<<                        SUd20#96                         >>

 

Índice


Saludos

Bienvenidos al Semanario de Utilidades-d20. Os recuerdo que estéis atentos a la semana que viene, pues, en el SUd20#97 del próximo martes 4 de septiembre, os comentaré detalladamente en qué consistirá el concurso que tenemos previsto para el número 100.

Prestad atención también a la sección de Comentarios de nuestros lectores de hoy, en la que proponemos la creación de un lugar de contacto entre jugadores. Podréis aprovechar para buscar a otros jugadores de rol, deshaceros o conseguir cierto material de rol, comentar y animar a participar en las próximas actividades de rol que organice vuestra asociación, etc.

El presente semanario lo he dedicado a todos aquellos que en algún momento se han sentido quemados por los juegos de rol, ya sea como jugadores o como directores de juego. ¿Quién no ha pasado por una crisis de rol? Os propongo un plan, personalmente probado, para salir de esa crisis y volver a lanzar felizmente los dados.

Volver a Índice


Cuando el rol nos desencanta...

En alguna ocasión, muchos de nosotros hemos sentido que los juegos de rol ya no nos divierten igual que antes, que nos pasamos las partidas aburridos o que solemos tener más ganas de leer libros relacionados con el rol que de jugar. En general, esa situación es incómoda y frustrante, porque tenemos (o queremos tener) afecto a los juegos y no nos queremos desligar de ellos, pero sentimos que hemos perdido cierto interés...
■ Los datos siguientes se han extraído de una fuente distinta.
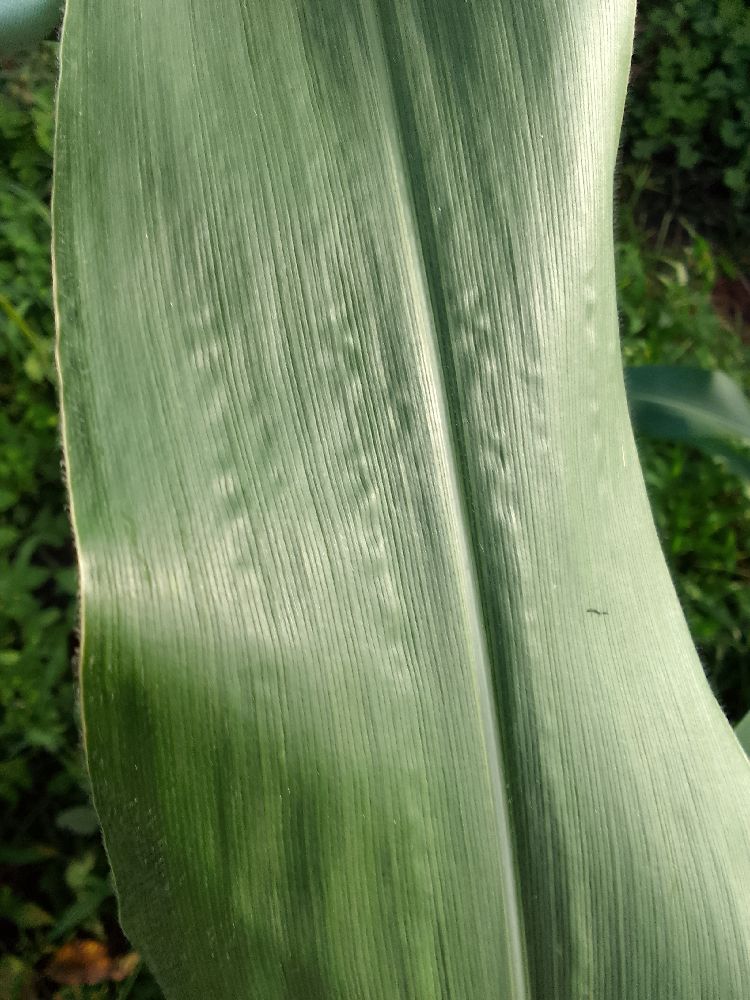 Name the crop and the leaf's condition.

maize, healthy
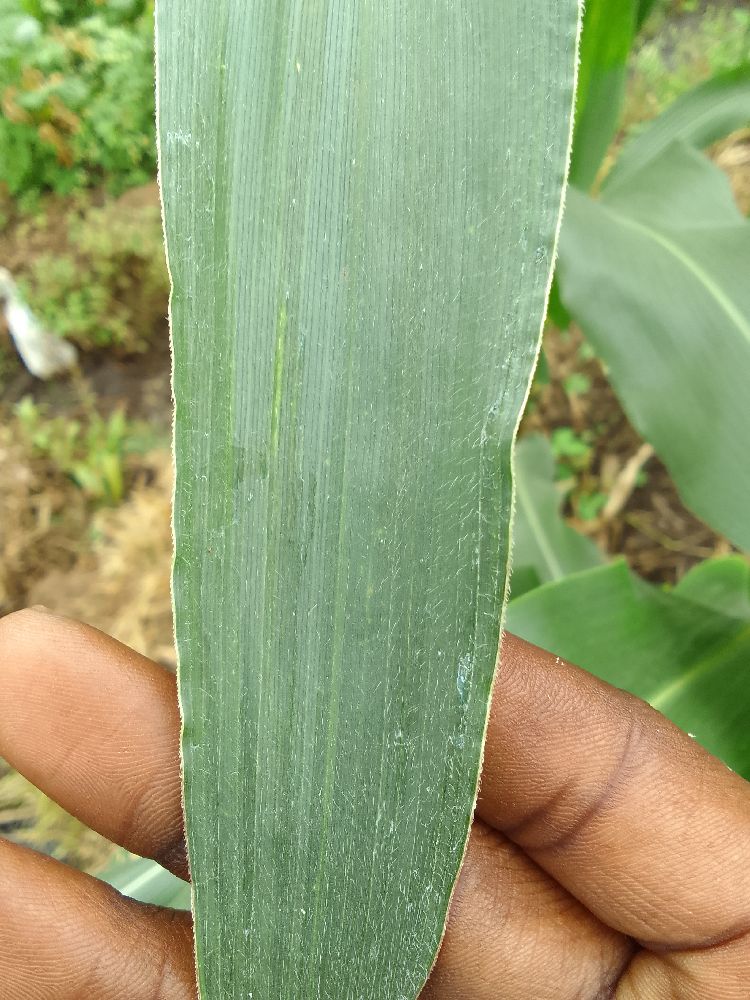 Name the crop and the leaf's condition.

maize, healthy
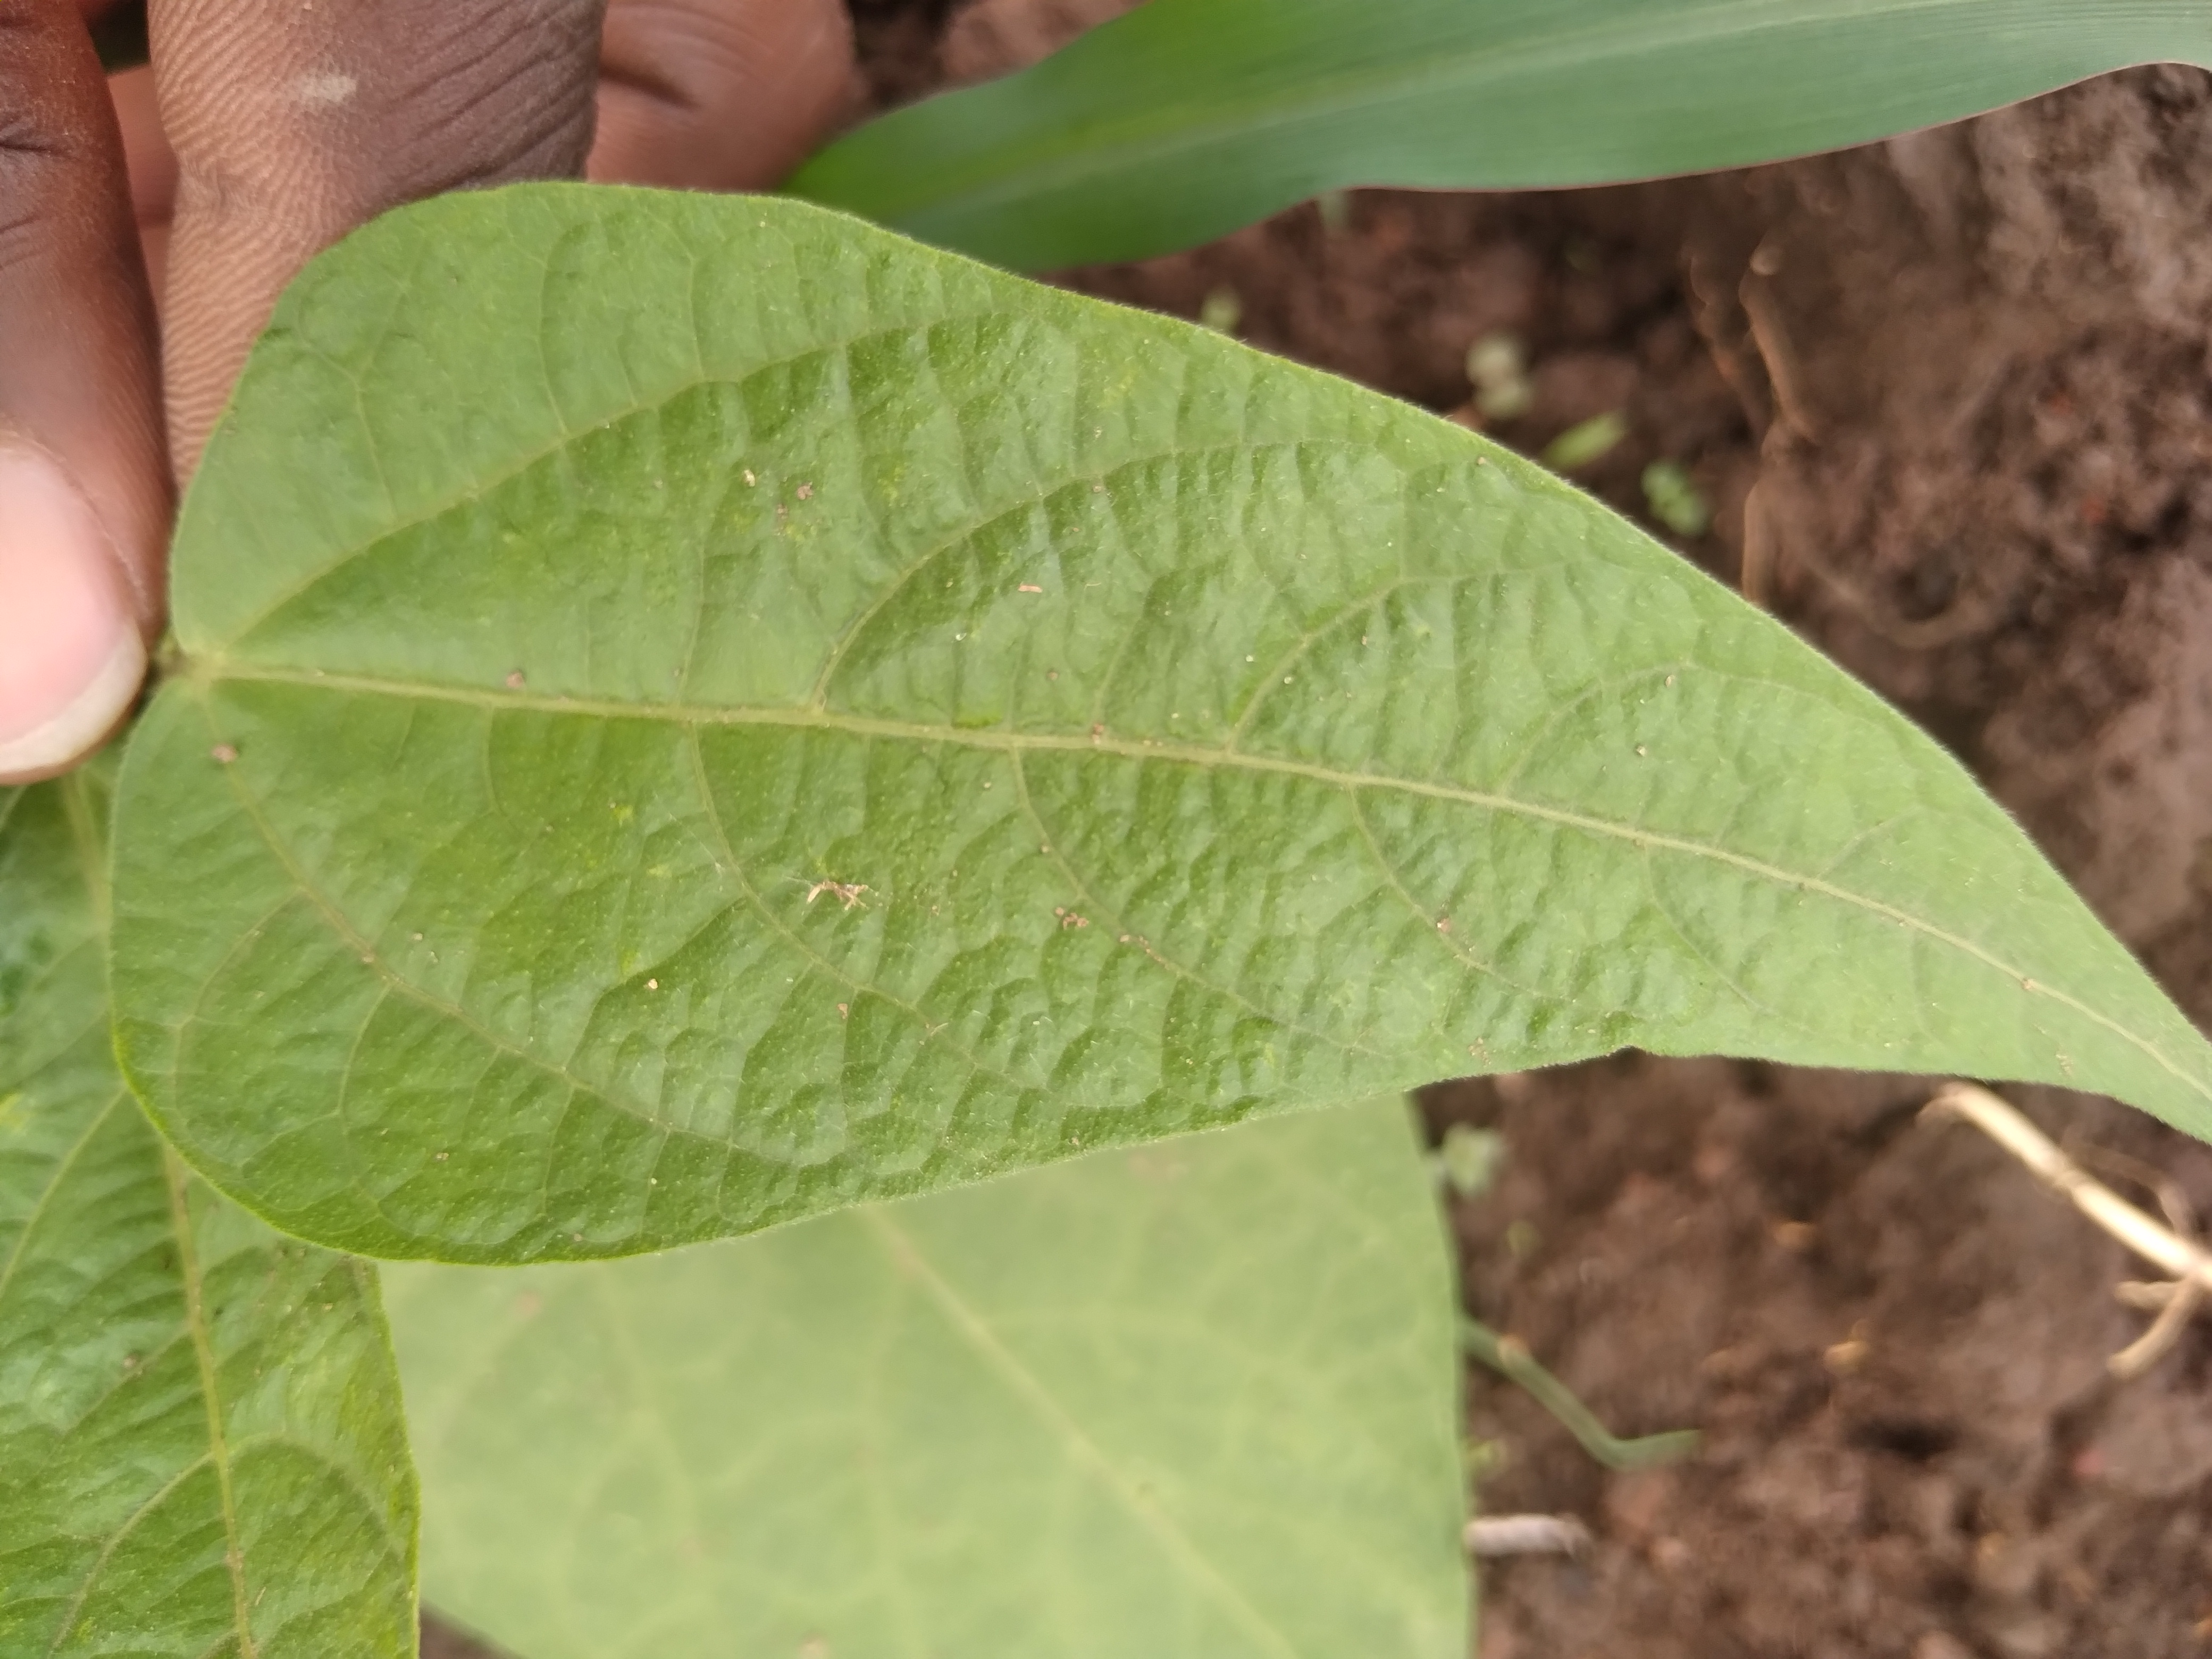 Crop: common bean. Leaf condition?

healthy
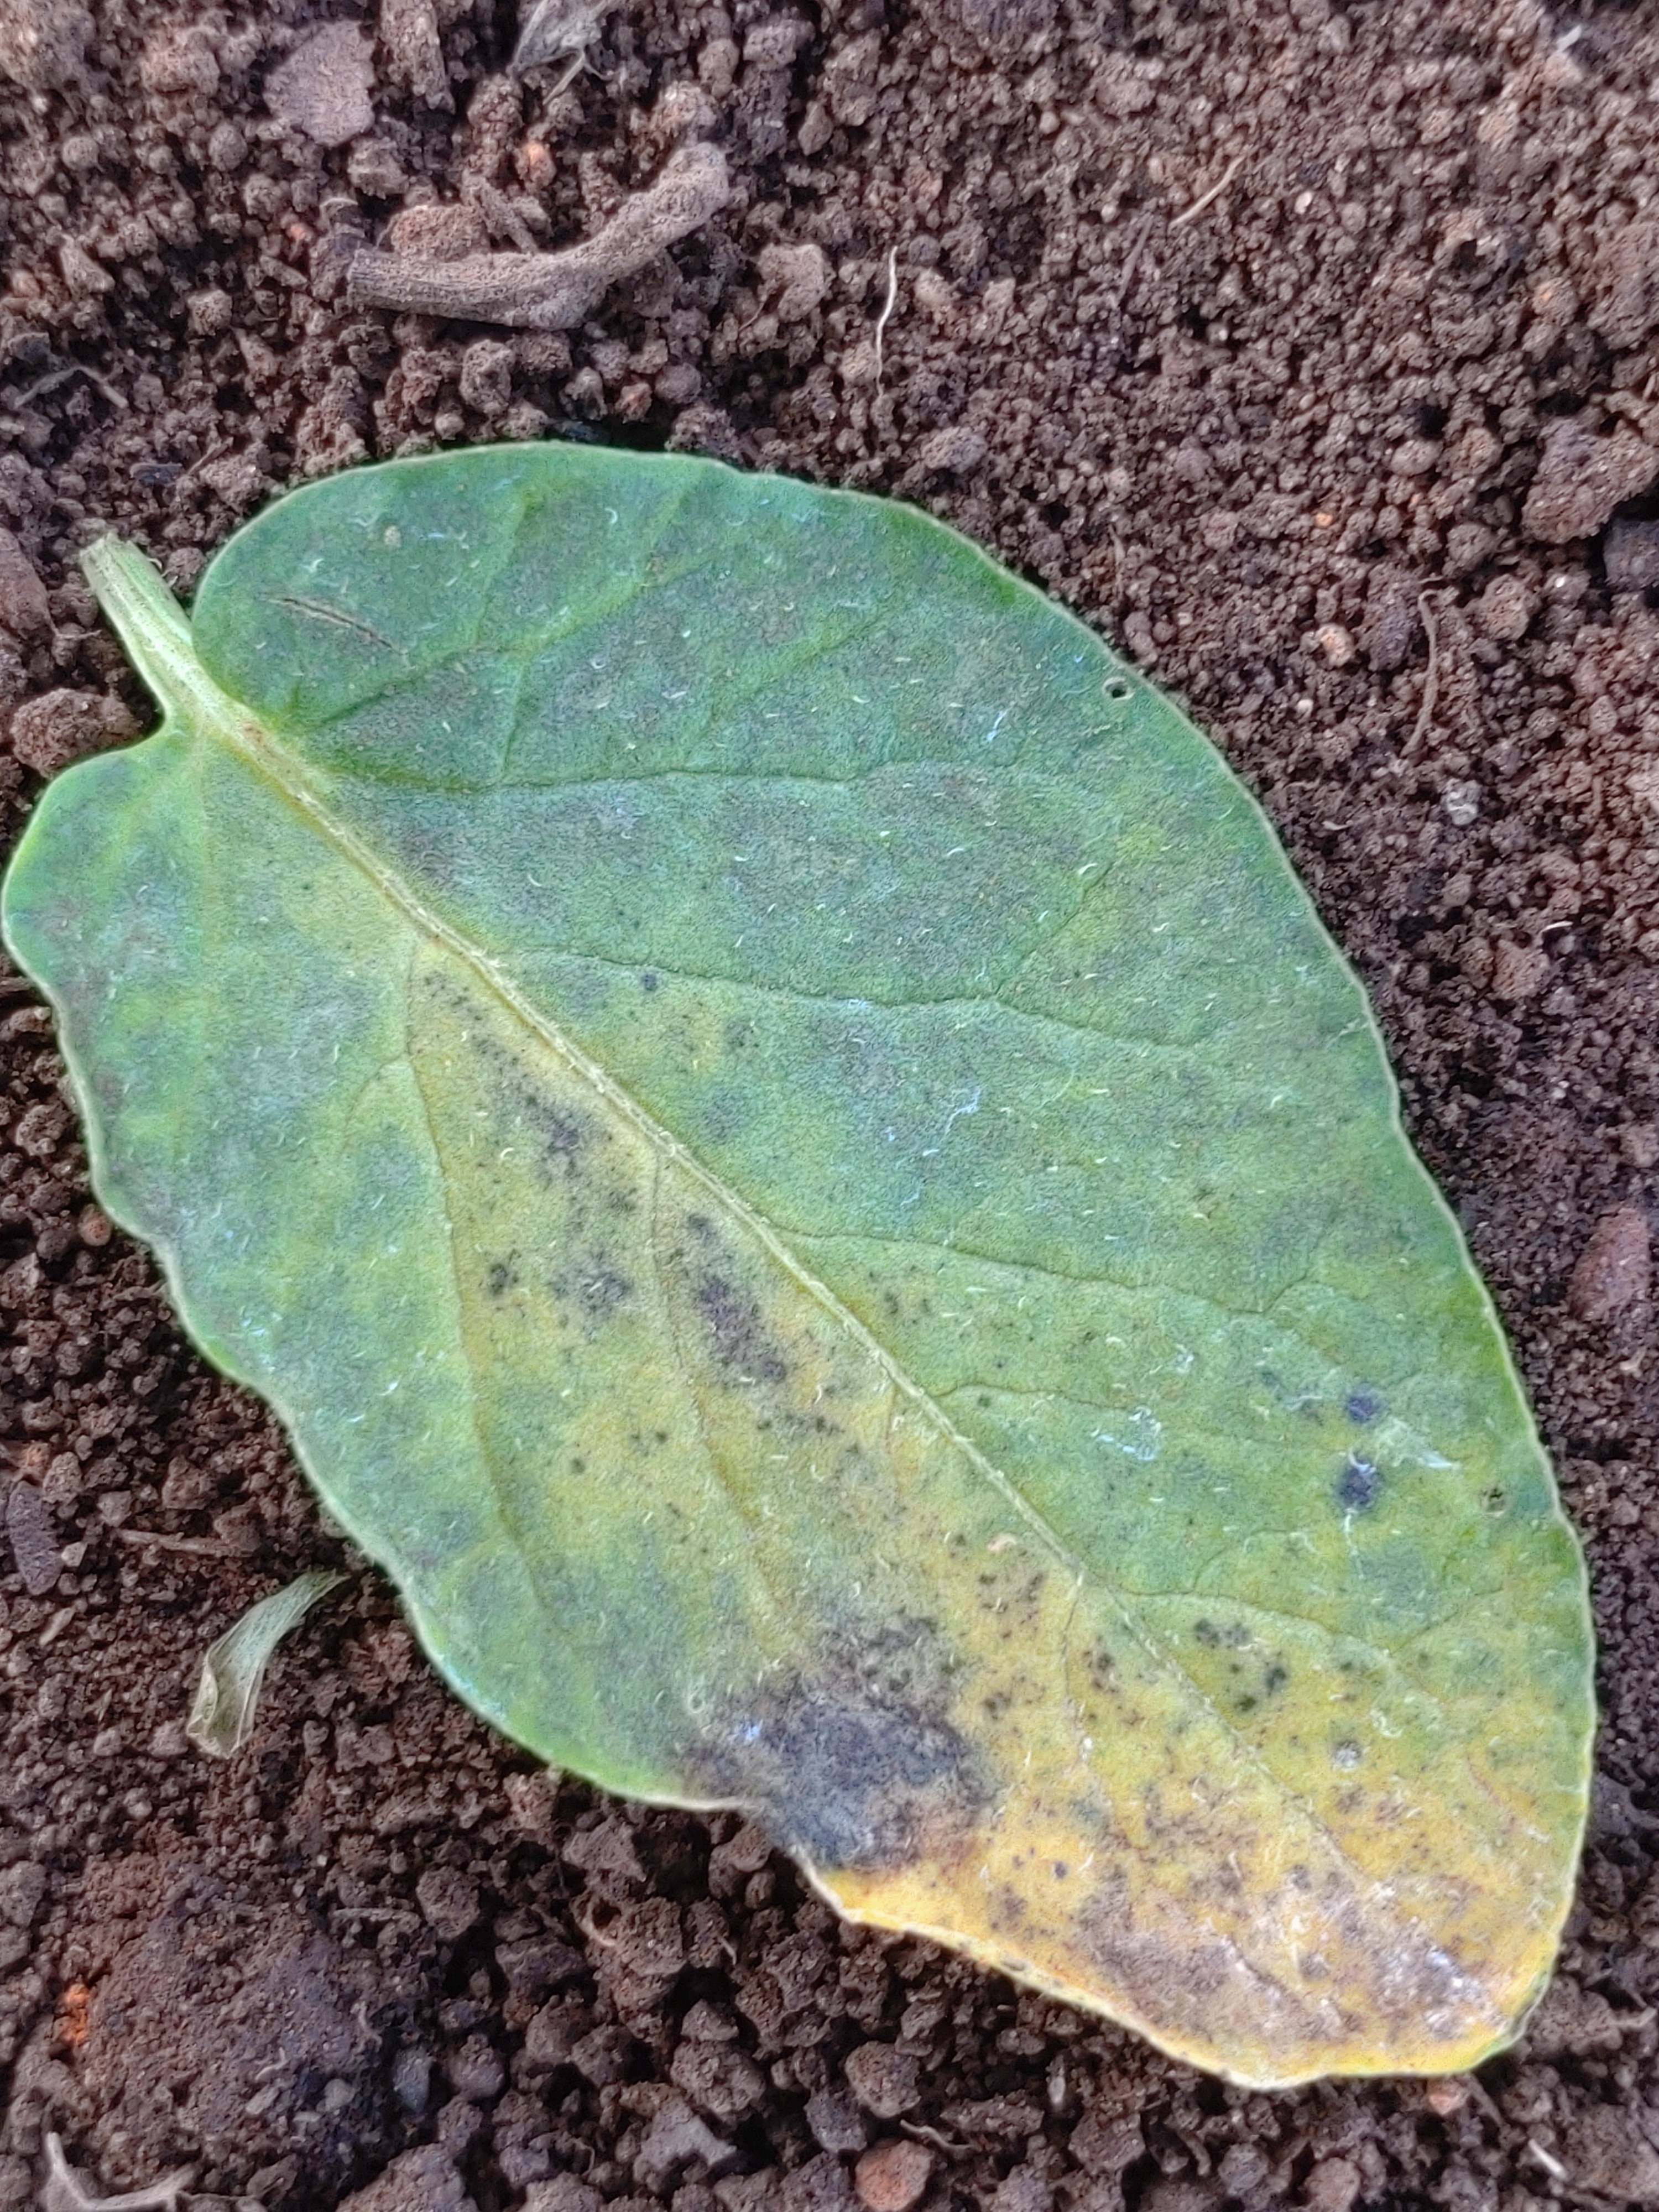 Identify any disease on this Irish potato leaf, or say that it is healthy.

late blight
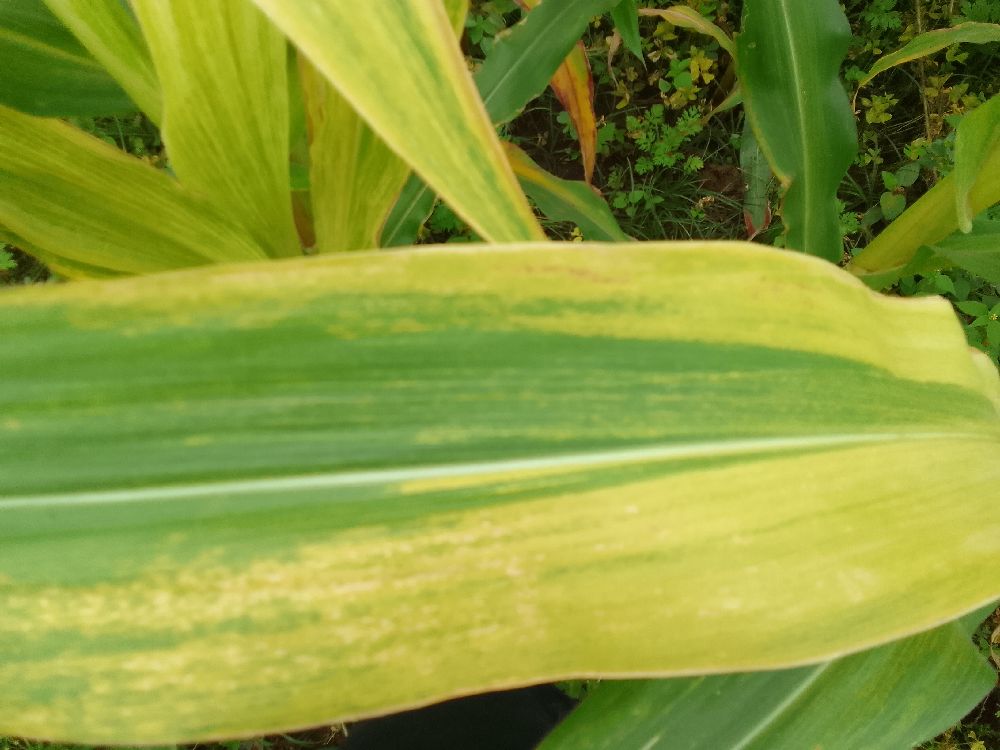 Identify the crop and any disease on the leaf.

maize, maize lethal necrosis
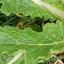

Varias pueden ser las causas de este problema, dependiendo de cada uno de nosotros. Así, aunque muchas veces no queramos admitirlo, nuestro hobby a veces nos resulta aburrido, tedioso o falto de estímulos; cualquier cosa se vuelve insulsa si pasa a ser una obligación, una rutina o una costumbre sin sentido. Por otro lado, nos pueden desencantar las situaciones de nuestro grupo de juego, puesto que son demasiadas las complicaciones (cuesta mucho preparar, reunir a la gente, saberse las reglas, que la gente responda al mismo nivel, etc.) para luego conseguir tener una buena sesión... (a veces podemos sentir que otros hobbies nos dan más por menos...). También otras veces, el problema está en no atrevernos a dar un paso más en el desarrollo del juego, por temor o por desidia, sobre todo en aquellas situaciones en las que se requiera una mayor creatividad o iniciativa. En otras ocasiones, todo se puede resumir en la espera: en otorgarle demasiada importancia o idealizar el disfrute del juego, estancarnos mentalmente en un buen momento pasado que nunca volverá a repetirse...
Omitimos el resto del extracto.